Evidently we have lost 80% of the Heirloom varieties over the past 50 years. It’s also important to note that the major seed producers are huge corporations, often bringing seeds to market under numerous well-known brand names such as Suttons, Unwins etc. Clearly we have become very dependent upon just a very few large corporations which concentrates skills and knowledge in relatively few heads that you might consider represents a risk to our ability to feed ourselves.
In contrast, saving our own seeds allows us to have control and independence over our entire growing process.

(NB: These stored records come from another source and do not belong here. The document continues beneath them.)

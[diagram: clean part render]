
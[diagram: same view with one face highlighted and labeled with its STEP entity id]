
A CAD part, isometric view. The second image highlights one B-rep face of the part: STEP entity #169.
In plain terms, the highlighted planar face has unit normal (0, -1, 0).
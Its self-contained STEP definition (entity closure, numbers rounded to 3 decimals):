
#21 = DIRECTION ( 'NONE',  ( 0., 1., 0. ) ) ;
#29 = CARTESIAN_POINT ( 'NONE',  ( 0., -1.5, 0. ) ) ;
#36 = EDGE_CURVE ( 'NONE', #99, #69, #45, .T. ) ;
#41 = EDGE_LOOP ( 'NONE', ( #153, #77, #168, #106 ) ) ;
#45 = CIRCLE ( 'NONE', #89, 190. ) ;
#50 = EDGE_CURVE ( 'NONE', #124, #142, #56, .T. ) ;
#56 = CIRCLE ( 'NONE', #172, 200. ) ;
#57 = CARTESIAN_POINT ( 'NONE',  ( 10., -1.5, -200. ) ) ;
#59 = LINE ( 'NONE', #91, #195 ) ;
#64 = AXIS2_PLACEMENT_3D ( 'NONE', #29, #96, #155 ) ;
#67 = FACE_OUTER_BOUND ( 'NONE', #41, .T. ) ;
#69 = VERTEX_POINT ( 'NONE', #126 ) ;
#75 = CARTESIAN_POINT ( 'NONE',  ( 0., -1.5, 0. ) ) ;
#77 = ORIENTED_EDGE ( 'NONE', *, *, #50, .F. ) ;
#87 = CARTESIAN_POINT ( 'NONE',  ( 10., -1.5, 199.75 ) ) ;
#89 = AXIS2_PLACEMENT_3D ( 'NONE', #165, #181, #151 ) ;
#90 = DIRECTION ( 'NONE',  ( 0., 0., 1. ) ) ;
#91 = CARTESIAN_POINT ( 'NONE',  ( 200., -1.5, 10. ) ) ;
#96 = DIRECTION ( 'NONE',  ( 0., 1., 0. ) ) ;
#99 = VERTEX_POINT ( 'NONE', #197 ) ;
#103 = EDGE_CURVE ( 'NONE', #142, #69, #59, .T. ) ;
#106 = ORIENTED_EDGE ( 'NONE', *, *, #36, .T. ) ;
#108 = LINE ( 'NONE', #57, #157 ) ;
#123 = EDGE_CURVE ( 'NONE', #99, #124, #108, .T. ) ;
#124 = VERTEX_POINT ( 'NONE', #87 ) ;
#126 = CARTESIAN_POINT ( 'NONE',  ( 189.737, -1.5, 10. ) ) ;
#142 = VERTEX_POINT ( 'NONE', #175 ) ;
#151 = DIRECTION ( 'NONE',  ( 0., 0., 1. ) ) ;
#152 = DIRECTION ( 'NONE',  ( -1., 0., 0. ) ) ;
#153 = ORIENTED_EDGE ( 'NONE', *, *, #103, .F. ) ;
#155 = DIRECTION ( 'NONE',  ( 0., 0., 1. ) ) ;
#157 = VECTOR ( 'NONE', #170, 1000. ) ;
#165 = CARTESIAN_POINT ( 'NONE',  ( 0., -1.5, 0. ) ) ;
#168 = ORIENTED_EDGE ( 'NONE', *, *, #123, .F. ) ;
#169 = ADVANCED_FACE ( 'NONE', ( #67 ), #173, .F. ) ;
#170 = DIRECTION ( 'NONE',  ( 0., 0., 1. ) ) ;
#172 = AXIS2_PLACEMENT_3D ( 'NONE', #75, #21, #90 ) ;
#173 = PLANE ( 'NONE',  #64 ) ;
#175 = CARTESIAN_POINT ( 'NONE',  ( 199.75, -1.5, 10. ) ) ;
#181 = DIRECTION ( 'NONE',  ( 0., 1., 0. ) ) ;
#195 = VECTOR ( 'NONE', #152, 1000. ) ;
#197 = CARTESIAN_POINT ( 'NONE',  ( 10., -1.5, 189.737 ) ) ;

Annuals (peas, beans, tomatoes, sweet pea etc) can be saved in one life cycle (6 – 8 months). These seeds are genetically stable and produce the same results year after year. Annual seeds will last literally thousands of years. (E.g perfectly usable seeds were found in the pyramids of Giza!)
Tomatoes very easy to save – take a jam jar, some water, squeeze the tomato and it will release its seeds. Cap and shake the jam jar, leave for 3 – 5 says. The acid in the tomato breaks down the gelatine around the seed and allows the seed to separate. Leave for further 3 days. Pour into sieve, wash and allow to dry. Then pick off seeds into a brown envelope.
When saving seeds, select plants to save from that are healthy, ripe, vigorous. Have no disease, pest damage.
Biennials – Onions, brassicas etc
After harvesting onions – store best examples. Not from bolting plants. Plant out in spring next year and allow to go through to flower. Collect seeds.
Same for carrots, parsnips, beetroot. Note carrots will grow in 2nd year to huge size (6’ x 4’)
Harvest seeds when the plant is fully ripe and when dry so seeds have little moisture. Cut flowers and leave lying in a tunnel to dry. The objective is to achieve a balance between losing moisture and yet not fully drying out. Store in brown envelopes or glass jars. Brown envelopes are best.
The seed is still a living part of the plant. But the moisture content has dropped so low that growth has almost stopped. Need to keep cool and dry, but not too dry.
There are differing requirements for specific seeds, see sample references below.
University of Minnesota Saving Seeds https://extension.umn.edu/planting-and-growing-guides/saving-vegetable-seeds#storage-823211
Gardening Knowhow – Storing Seeds https://www.gardeningknowhow.com/garden-how-to/propagation/seeds/storing-seeds.htm
RHS Seed: collecting and storing https://www.rhs.org.uk/advice/profile?pid=675
US Dept. of Agriculture https://naldc.nal.usda.gov/download/CAT87208646/PDF
United Nations Seets Toolkit http://www.fao.org/3/ca1495en/CA1495EN.pdf
Johnny’s Selected Seeds – Storage Guide https://www.johnnyseeds.com/on/demandware.static/-/Library-Sites-JSSSharedLibrary/default/dw913ac4d0/assets/information/seed-storage-guide.pdf
Question: Tomato ripening but browning. Why?
Answer: Probably giving it too much water. Remember tomatoes come from Mexico, and they don’t have a lot of water. Water 1litre every 3 days is sufficient.